▸ EXTRACTED INFORMATION
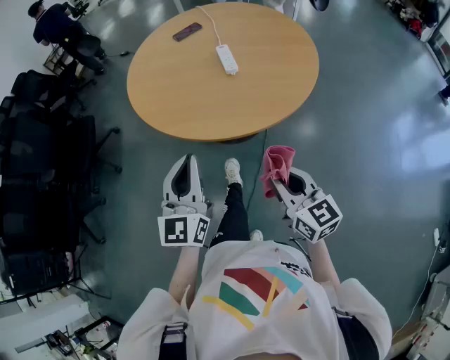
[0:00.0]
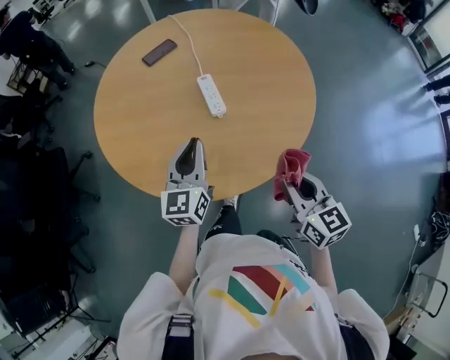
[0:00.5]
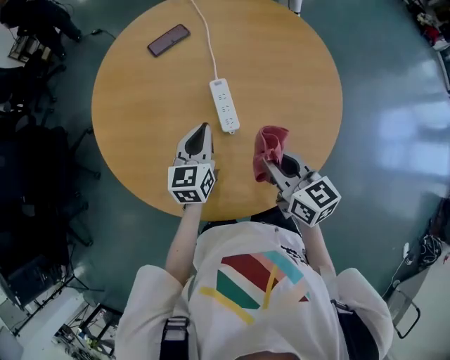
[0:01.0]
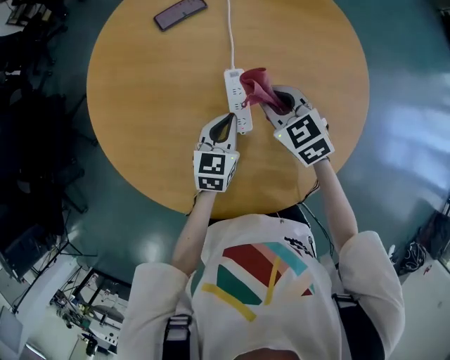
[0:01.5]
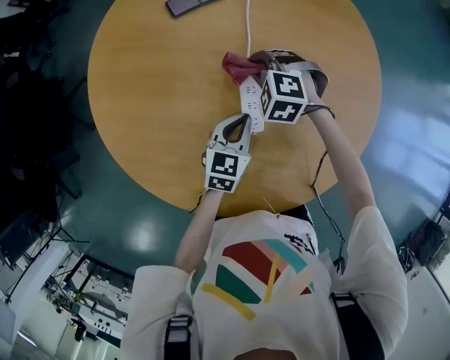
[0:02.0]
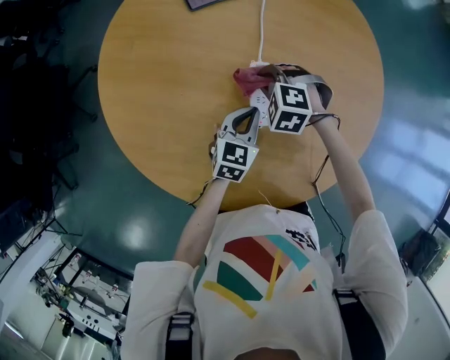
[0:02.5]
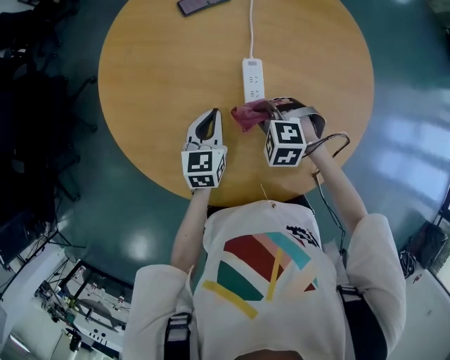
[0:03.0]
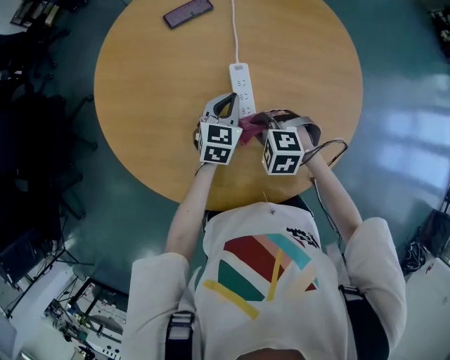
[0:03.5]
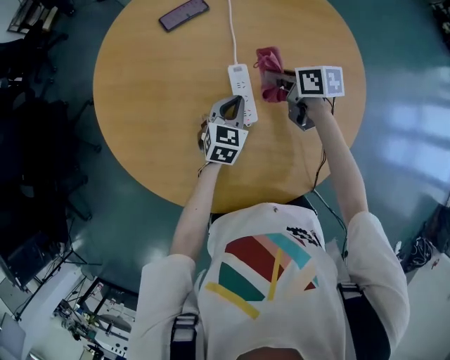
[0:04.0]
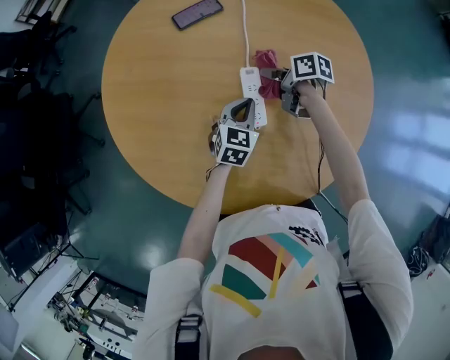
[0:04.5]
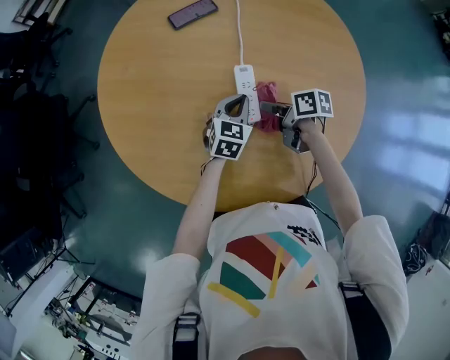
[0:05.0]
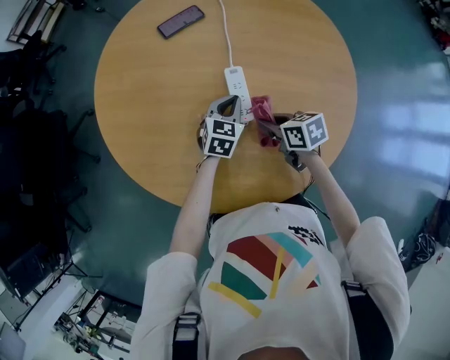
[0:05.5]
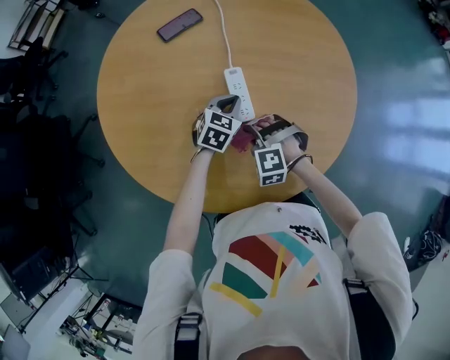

▸ PROBLEM DESCRIPTION
Where an entry includes an image, skip the image and return everything else exactly.

▸ EXPECTED ANSWER
[0:00.0]
[0:00.5]
[0:01.0]
[0:01.5]
[0:02.0]
[0:02.5]
[0:03.0]
[0:03.5]
[0:04.0]
[0:04.5]
[0:05.0]
[0:05.5]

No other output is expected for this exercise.